The problem stems from the proliferation of worksheets, so entrenched into the American school culture. Get rid of the worksheets and teach students how to record a problem and a solution on a clean sheet of paper, preferably in a notebook, so that the record stays for at least the duration of a school year.
In short, use GFSA (Given-Find-Solution-Answer) or GFAS (Given-Find-Assumptions-Solution) process, which is used in technical colleges, but is completely absent from schools.

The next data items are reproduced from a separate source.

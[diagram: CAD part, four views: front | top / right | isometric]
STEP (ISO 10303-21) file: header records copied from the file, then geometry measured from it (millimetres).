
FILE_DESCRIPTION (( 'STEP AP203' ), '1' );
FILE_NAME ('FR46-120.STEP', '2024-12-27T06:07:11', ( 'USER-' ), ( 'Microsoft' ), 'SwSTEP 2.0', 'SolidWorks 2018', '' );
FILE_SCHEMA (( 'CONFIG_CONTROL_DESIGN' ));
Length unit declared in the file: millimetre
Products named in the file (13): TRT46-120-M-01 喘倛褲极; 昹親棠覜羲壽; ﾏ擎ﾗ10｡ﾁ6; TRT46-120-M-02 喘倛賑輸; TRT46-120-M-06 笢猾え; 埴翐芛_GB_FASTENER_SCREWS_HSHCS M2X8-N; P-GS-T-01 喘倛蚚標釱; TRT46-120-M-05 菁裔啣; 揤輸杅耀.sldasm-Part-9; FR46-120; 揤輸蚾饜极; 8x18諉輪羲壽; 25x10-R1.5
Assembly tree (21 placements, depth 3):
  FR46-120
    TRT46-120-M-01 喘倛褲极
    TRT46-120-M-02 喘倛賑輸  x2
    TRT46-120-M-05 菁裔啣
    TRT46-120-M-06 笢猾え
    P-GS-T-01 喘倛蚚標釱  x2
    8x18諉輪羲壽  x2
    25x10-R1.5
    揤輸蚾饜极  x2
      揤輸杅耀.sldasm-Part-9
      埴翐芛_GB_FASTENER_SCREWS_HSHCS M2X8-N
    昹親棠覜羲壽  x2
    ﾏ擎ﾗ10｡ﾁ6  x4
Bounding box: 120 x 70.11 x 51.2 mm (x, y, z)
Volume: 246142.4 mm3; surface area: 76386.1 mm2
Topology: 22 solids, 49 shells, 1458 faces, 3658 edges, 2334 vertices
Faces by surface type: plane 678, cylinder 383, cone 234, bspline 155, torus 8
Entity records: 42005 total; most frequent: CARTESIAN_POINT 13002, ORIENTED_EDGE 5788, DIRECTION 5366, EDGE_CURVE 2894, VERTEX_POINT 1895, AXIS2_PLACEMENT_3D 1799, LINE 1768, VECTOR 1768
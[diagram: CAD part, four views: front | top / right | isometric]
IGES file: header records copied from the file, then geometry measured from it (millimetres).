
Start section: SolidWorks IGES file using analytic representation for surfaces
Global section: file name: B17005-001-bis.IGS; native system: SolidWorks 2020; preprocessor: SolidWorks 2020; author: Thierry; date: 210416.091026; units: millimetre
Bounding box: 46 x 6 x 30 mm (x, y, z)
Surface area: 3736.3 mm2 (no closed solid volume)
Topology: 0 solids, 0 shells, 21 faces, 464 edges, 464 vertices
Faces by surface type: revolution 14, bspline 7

Given: write down what is given without repeating the problem verbatim; instead introduce constants and variables that later will be used in the solution; draw a picture if needed, use introduced symbols in the picture. The problem must be completely recognizable by reading the Given section without referring to the original problem in a textbook.
Find: clearly state what should be found.
Assumptions: this may be part of a Given part, for example, when solving geometrical problems involving vehicles or walking we may assume that the Earth's surface is flat, or when solving an equation we may assume that the roots are real numbers.
Solution: a step-by-step process, which usually involve some textual explanations, but not too much. There should be enough text to understand what numbers mean. Solve symbolically first, then plug in the numbers.
Answer: clearly state the answer, some professors require to underline it for clarity.
The above problem can be solved as follows:
Given: rectangle (draw a picture) with sides (mark sides with letters, say "a" for the longer side, and "b"). On the picture mark segments of the longer side as a1 and a2, for example. Then write a1 = 4m; a2 = 3m; b = 2m
Find: Area of the rectangle (introduce a letter, say "s"), write s - ?
1) Generic formula: s = a * b = (a1 + a2) * b;
2) Plug in numbers:
s = (3 + 4) * 2 = 7 * 2 = 14;
s = (3 + 4) * 2 = 3 * 2 + 4 * 2 = 6 + 8 = 14;
Each separate calculation is terminated with semicolon. It must be beaten into the subconcious that equal sign means that stuff on the left equals to the stuff on the right, so 3+4=7×2=14 is incorrect solution, and the problem is marked as not done, plain and simple.
Students must be taught to split task into clearly marked steps, like:
s = s1 + s2, where s1 = a1 * b, s2 = a2 * b;
Then students would write:
Area of the left part: s1 = 3 * 2 = 6 (m2)
Area of the right part: s2 = 4 * 2 = 8 (m2)
Notice (m2) in parentheses. There are two approaches to dimensions: one is to write dimensions everywhere throughout the expression, like: s = 4m * 2m = 8m2 (no parentheses), this is useful for dimensional analysis, like meters times meters equals meters squared, but can be clunky for school math. Another option is to specify dimension of the resulting value only, in this case put it in parentheses.
s = 6 + 8 = 14 (m2)
Answer: the area of the rectangle is 14 m2. (underline "14 m2").
Obviously, this particular problem does not require such an elaborate solution, but the students must be taught the principle, the scaffolding of the generic solution. The above problem can be solved simply as:
1) s = a * b;
2) s = (3 + 4) * 2 = 7 * 2 = 14;
Answer: 14 (m2)
Introduce symbolic solution as early as possible, this improves conceptual understanding, and will pay back when they start algebra.